Saved data entries:
BEGIN
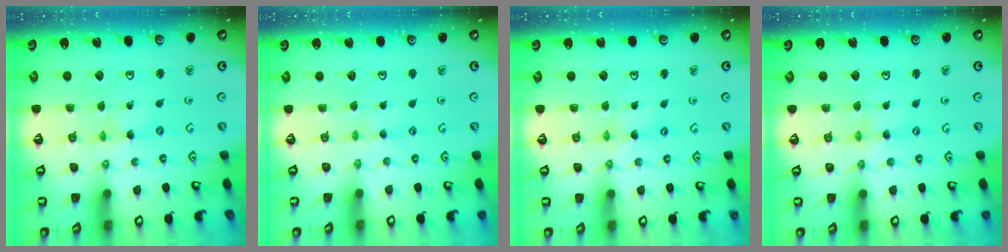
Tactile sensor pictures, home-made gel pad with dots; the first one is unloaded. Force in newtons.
{"total": 0.0}
{"total": 1.8, "press": 1.8, "slide": 0.3}
{"total": 0.8, "press": 0.8, "slide": 0.2}
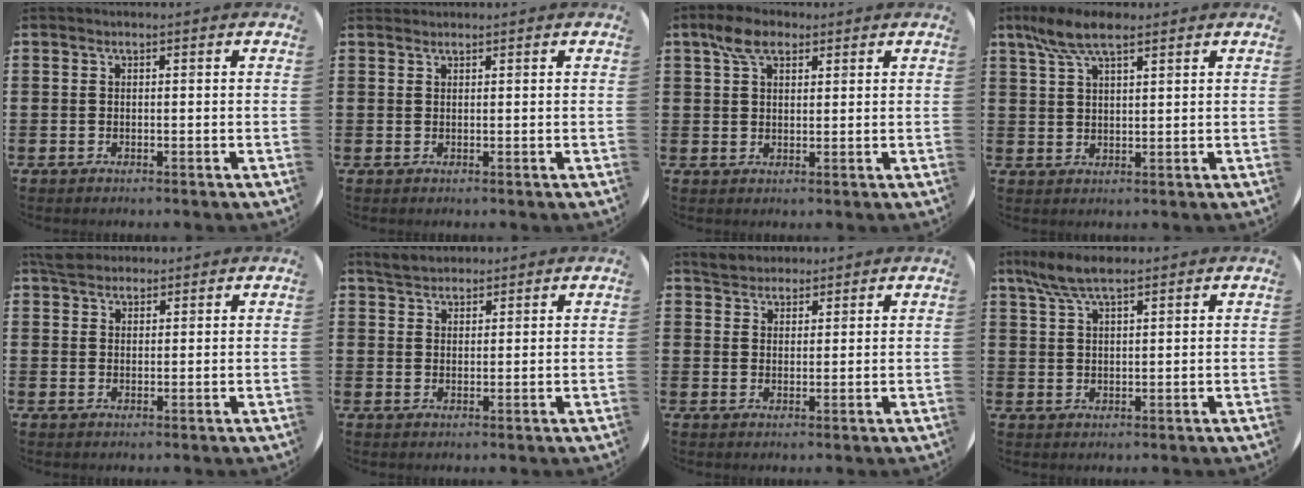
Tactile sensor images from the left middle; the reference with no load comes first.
{"total": 0.6, "force": [0.6, 0.0, -0.1], "torque": [0.002, 0.003, 0.011]}
{"total": 5.0, "force": [3.3, 2.6, 2.6], "torque": [-0.052, 0.009, 0.060]}
{"total": 6.6, "force": [4.8, 2.1, 4.1], "torque": [-0.092, 0.000, 0.087]}
{"total": 3.1, "force": [2.8, 1.2, 0.4], "torque": [-0.008, 0.002, 0.053]}
{"total": 3.0, "force": [2.8, 0.9, 0.2], "torque": [-0.010, 0.001, 0.055]}
{"total": 3.1, "force": [2.9, 1.1, -0.2], "torque": [0.003, -0.002, 0.056]}
{"total": 5.9, "force": [4.5, 1.6, 3.4], "torque": [-0.078, -0.002, 0.082]}
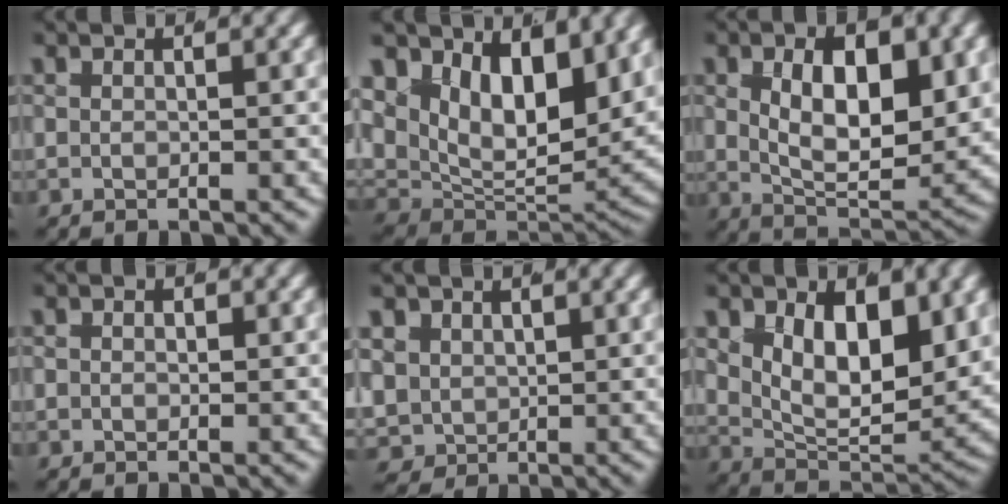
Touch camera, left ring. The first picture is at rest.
{"total": 12.8, "force": [1.5, 8.7, 9.3], "torque": [-0.158, -0.026, 0.021]}
{"total": 9.2, "force": [0.6, 5.5, 7.3], "torque": [-0.127, -0.027, 0.007]}
{"total": 0.7, "force": [-0.3, 0.5, 0.3], "torque": [-0.011, -0.006, -0.003]}
{"total": 7.6, "force": [-1.5, 7.1, 2.2], "torque": [-0.093, -0.058, -0.012]}
{"total": 10.0, "force": [1.3, 6.5, 7.4], "torque": [-0.127, -0.025, 0.019]}
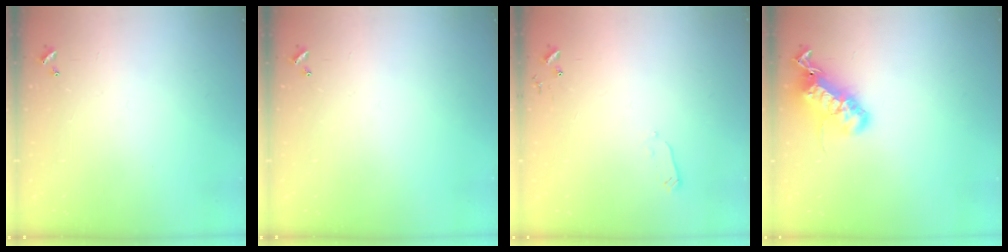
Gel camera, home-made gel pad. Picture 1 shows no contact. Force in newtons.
{"total": 0.0}
{"total": 3.5, "press": 3.4, "slide": 0.9}
{"total": 20.4, "press": 20.4, "slide": 0.4}
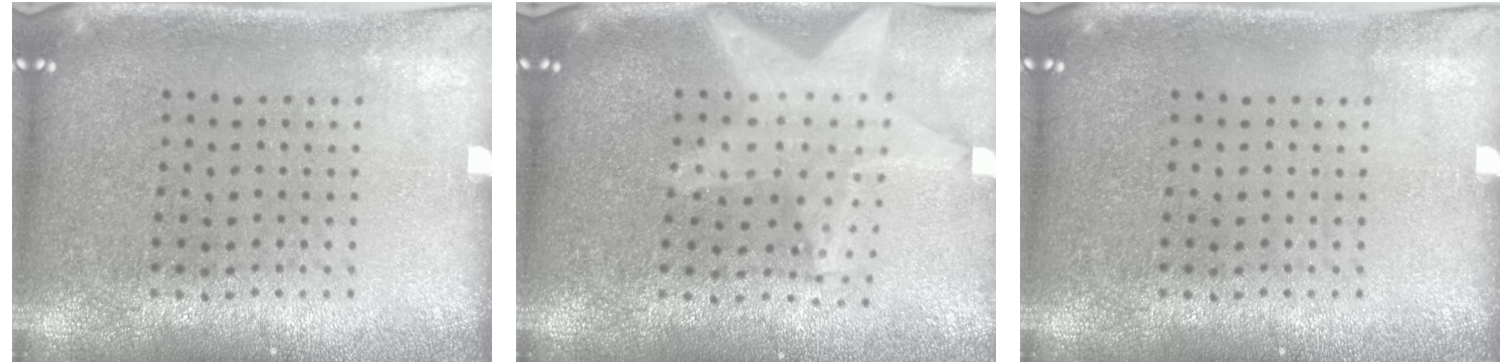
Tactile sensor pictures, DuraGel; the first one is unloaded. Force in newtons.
{"total": 2.3, "press": 1.9, "slide": 1.3}
{"total": 0.0}
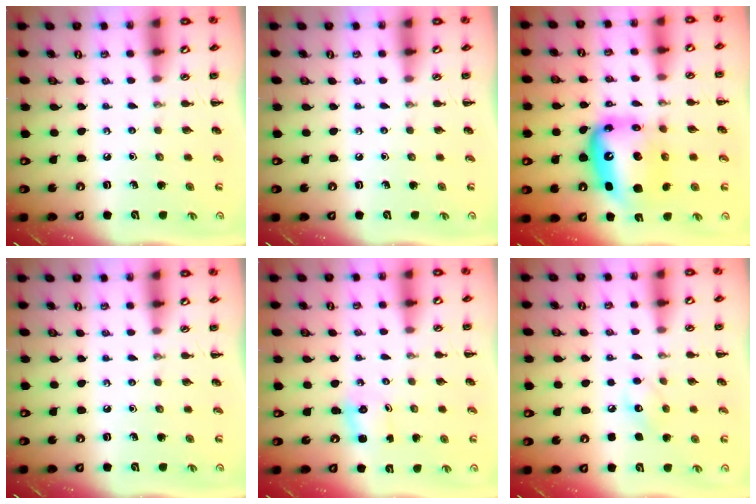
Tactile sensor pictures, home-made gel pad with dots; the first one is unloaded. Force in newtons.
{"total": 0.0}
{"total": 14.2, "press": 13.7, "slide": 3.9}
{"total": 0.0}
{"total": 2.0, "press": 1.9, "slide": 0.7}
{"total": 8.1, "press": 8.0, "slide": 1.5}
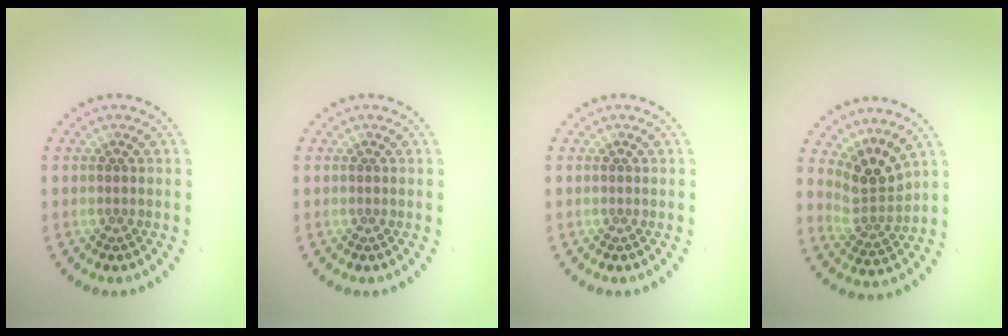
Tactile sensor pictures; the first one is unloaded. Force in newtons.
{"total": 0.0}
{"total": 0.0}
{"total": 3.4, "press": 2.3, "slide": 2.5}
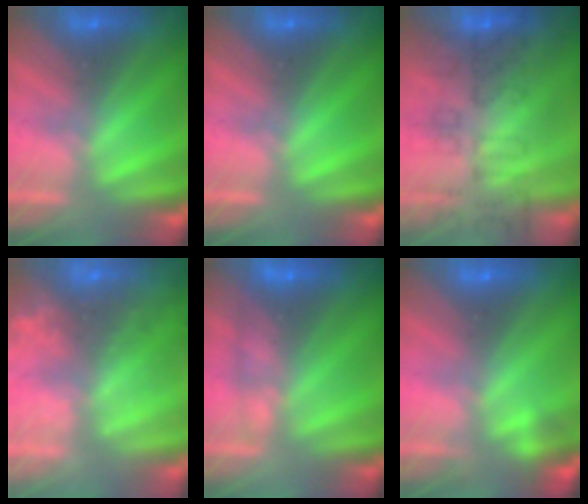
END
[What is needed]: Only the lines from the line with "Gel camera, home-made" through the end of the entries above, copied exactly and with both ends included, belong in the response; the pictures do not.

[Expected output]:
Gel camera, home-made gel pad. Picture 1 shows no contact. Force in newtons.
{"total": 0.0}
{"total": 3.5, "press": 3.4, "slide": 0.9}
{"total": 20.4, "press": 20.4, "slide": 0.4}
Tactile sensor pictures, DuraGel; the first one is unloaded. Force in newtons.
{"total": 2.3, "press": 1.9, "slide": 1.3}
{"total": 0.0}
Tactile sensor pictures, home-made gel pad with dots; the first one is unloaded. Force in newtons.
{"total": 0.0}
{"total": 14.2, "press": 13.7, "slide": 3.9}
{"total": 0.0}
{"total": 2.0, "press": 1.9, "slide": 0.7}
{"total": 8.1, "press": 8.0, "slide": 1.5}
Tactile sensor pictures; the first one is unloaded. Force in newtons.
{"total": 0.0}
{"total": 0.0}
{"total": 3.4, "press": 2.3, "slide": 2.5}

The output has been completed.